Spectral Submanifolds (SSM)

Spectral Submanifolds (SSM)

Contents

An object of the SSM class inherits is basic properties from the invariant manifold class. It thus requires an underlying dynamical system to be initialised via

S = SSM(DS);
        

The reduced dynamics on the SSM constitute an exact reduced order model for the full dynamical system. This is a direct consequence of the invariance of the SSM which guarantees that orbits on the manifold are indeed also trajectories of the full system. The implications of this are tremendous. Any structure such as periodic orbits, invariant tori and families of bifurcations which are encountered for the ROM directly transfer to the full dynamical system. Finding an invariant torus in a system of possibly thousands and even hundreds of thousands of degrees of freedom for instance, boils down to the analysis of a dynamical system including only a couple of DOFs via the analysis of the ROM

$$\mathbf{\dot{p}} = \sum_{\mathbf{m}\in \mathbf{N}^M} \mathbf{R}_{\mathbf{m}}
\mathbf{p}^\mathbf{m} + \epsilon \sum_{\mathbf{m}\in \mathbf{N}^M}  \sum_{\mathbf\kappa
\in \mathbf{Z}^k} \mathbf{S}_{\mathbf{m},\mathbf\kappa } \mathbf{p}^\mathbf{m}
e^{i \langle \mathbf\kappa , \mathbf\Omega   \rangle t}$$

This dynamical system is now in a regime which is of ideal size to use tools such as continuation. These methods are powerful and versatile for small systems and can be used for a detailed analysis of the reduced dynamics. Any resulting structure can be directly mapped back via the SSM parametrisation. A general trajectory $\mathbf{p}(t)$ of the reduced dynamics is related to its full system equivalent by

$$\mathbf{z}(t) = \mathbf{W}_\epsilon (\mathbf{p}(t), \mathbf \Omega t)$$

Functionalities

Backbone Curves

For computing backbone curves in the full system directly from the ROM on the SSM, one can make use of the method

BB = S.extract_backbone(masterModes,omegaRange, order);
        

A tutorial for this functionality is presented in Backbone Curves.

Computation of FRCs

Forced response curves can be computed using the method

FRC = S.extract_FRC(parName, parRange, order)
        

The $\texttt{parName}$ variable can be set to 'freq' or 'amp', depending on whether a FRCs is to be computed with varied forcing frequency or amplitude. The $\texttt{parRange}$ variable is used to set the range over which the FRC is computed. Furtermore the order up to which the approximation of the SSM is to be computed has to be specified.

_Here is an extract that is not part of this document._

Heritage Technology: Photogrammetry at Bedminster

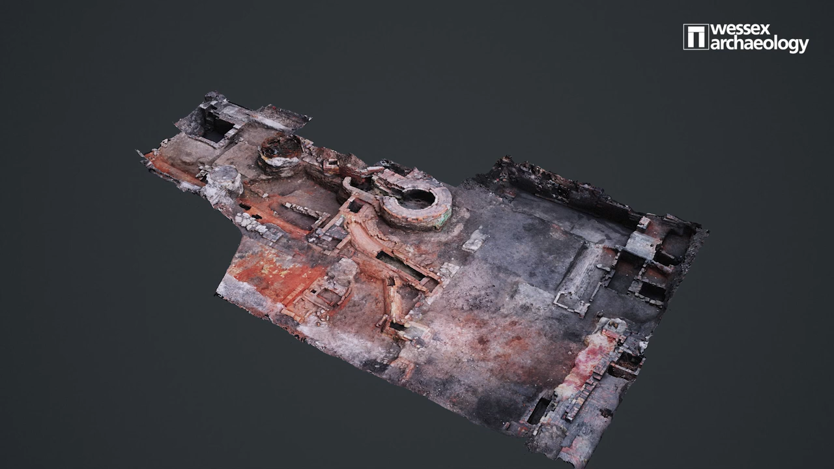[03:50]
The great thing about it, obviously, is then you'll have a complete photographic record of the entire site.
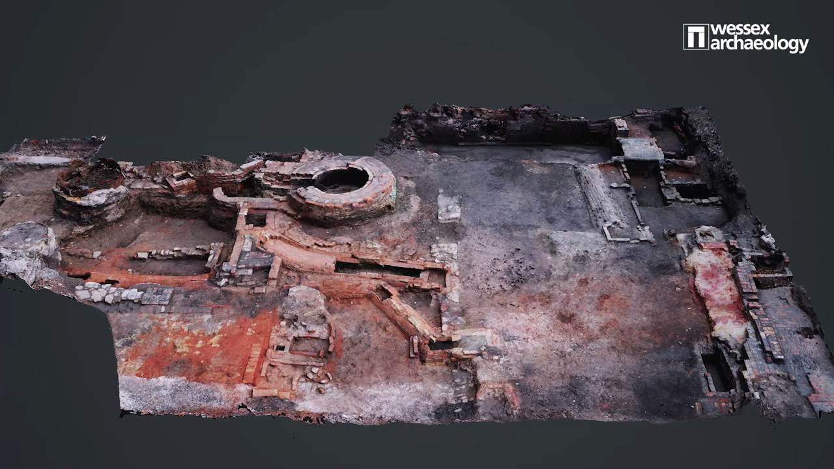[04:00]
And you can zoom in and you can turn it around, you can turn it upside down and you can get down into it. So you actually, it's almost like having the site in a mini version on your laptop or computer or whatever that is perfect. Thanks.

For the special case of external excitation and two-dimensional SSMs the steady states of the reduced dynamics can be obtained directly without falling back to other methods. A coordinate change of the reduced dynamics to polar coordinates leads to an analytical formula which characterises these periodic orbits and furthermore allows for finding isolated regions of response. The intersections of the zero-manifolds of the trivial solutions to these dynamics directly yield the forced response. These results have been developed in a series of papers and can be accessed in \cite{isolatedresponsesten,Jain2021HowModels, Thurnher2022}. To make use of these results, choose the $\texttt{level set}$ method.

Set(S.FRCOptions, 'method','level set')
        

The methods and FRC computations in general are introduced in the FRC-Tutorial.

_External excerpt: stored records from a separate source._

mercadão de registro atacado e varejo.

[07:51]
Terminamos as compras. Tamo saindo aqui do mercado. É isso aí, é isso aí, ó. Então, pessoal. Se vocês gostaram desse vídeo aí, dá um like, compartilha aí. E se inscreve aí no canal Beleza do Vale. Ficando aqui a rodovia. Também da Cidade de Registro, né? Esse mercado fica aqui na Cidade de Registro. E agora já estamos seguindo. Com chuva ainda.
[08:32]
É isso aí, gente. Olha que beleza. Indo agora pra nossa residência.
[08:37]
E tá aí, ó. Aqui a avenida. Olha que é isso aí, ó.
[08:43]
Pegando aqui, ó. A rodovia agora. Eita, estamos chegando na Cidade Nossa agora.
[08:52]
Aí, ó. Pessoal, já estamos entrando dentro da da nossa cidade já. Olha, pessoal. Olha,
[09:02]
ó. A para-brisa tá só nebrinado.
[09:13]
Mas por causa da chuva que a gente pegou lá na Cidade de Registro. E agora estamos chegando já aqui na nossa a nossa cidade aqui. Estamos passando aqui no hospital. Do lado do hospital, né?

Options for the computation of FRCs:

nRho = 100                 % number of discrete rho values in the range [0, rhomax] (relevant for method == 'level set')
nPar = 100                 % number of discrete parameter (Omega/epsilon) values in the parameter range
nPsi = 100                 % number of discrete psi values in the range [0, 2*pi] (relevant for method == 'level set')
nt = 128                   % number of discrete time intervals over which the periodic orbit is discretized (relevant for post-processing only)
rhoScale = 1               % factor for increasing rhomax polar FRC
nCycle = 200               % number of time integration cycles (relevant for numerical time integration)

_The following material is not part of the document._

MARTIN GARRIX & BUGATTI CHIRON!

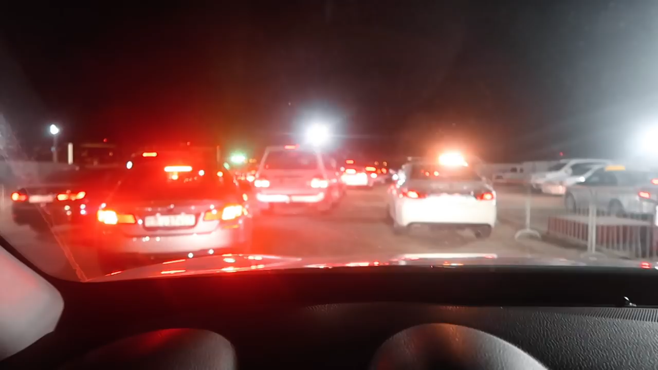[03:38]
This brings back memories of 2 years ago, the car park traffic. Often, you can find nice cars here.
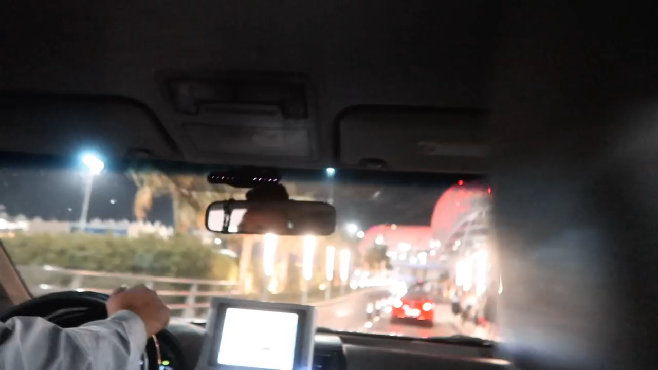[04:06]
That's the famous hotel you see on TV.

omegaSampStyle = 'uniform' % 'uniform', 'cocoOut', 'cocoBD' (relevant for method == 'continuation ep/po')
initialSolver = 'forward'  % 'forward', 'fsolve' (relevant for method == 'continuation ep/po')
coordinates = 'polar'      % coordinates for solving reduced dynamics: 'polar', 'cartesian'
sampStyle = 'cocoBD'       % 'uniform', 'cocoOut', 'cocoBD' (relevant for method == 'continuation ep/po')
method = 'level set'       % 'level set', 'continuation ep', 'continuation po'
saveIC = true              % whether save initial conditions on periodic orbit or not
init                       % initial solution guess (relevant for method == 'continuation ep/po')
frac   = [1 1]             % [frac1,frac2] can be used to
% tune the range of subintervals. Specifically, [oma, omb] will
% be changed as [frac1*oma, frac2*omb] except on the end points of frequency range.
outdof = []                % output degree-of-freedom

p0 = [];                   % parameters (epsilon,omega) in initial solution guess used in continuation
z0 = [];                   % states (in slow-time reduced dynamics) in initial solution guess used in continuation

nonAutoParRedCom = false   % compute_perturbed_wisker is called in the parallel computation of non-autonomous SSMs for
% each sampled excitation frequency. The manifold object is transferred in such a call. This
% communication cost is intenstive in parallel computation. To reduce the communication load,
% we calculate the non-autonomous directly, instead of calling the routine if the field is true

parSamps = []              % solution at specific parameter values used for comparison or verification
torRotDiret = 'pos'        % 'pos', 'neg' (rotation direction of tori)
torNumSegs  = 10           % number of Fourier modes in the approximation of tori
torPurtb    = 1e-4         % perturbation to Neimark-Sacker periodic orbits to yield initial tori
        

Computation of Stability Diagrams

To compute Stability Diagrams for parametrically resonant systems one may use

SD = S.extract_Stability_Diagram(resModes, order, OmegaRange,epRange,'amp', p0,'PD',PlotSD);
        

The method is described in more detail in the tutorial on the computation of Stability Diagrams.

Continuation of the ROM

The computational routine is coupled internally with the continuation package COCO, which allows for direct analysis of the ROM provided by the reduced dynamics. Due to its low dimensionality, the resulting continuation problems can be solved efficiently and fast by COCO. The features provided in SSMTool via the integration with COCO include the detection and continuation of families of equilibria, periodic orbits, invariant tori and various bifurcations. Detailed explanations and description of the different methods are listed in Continuation of Reduced Dynamics.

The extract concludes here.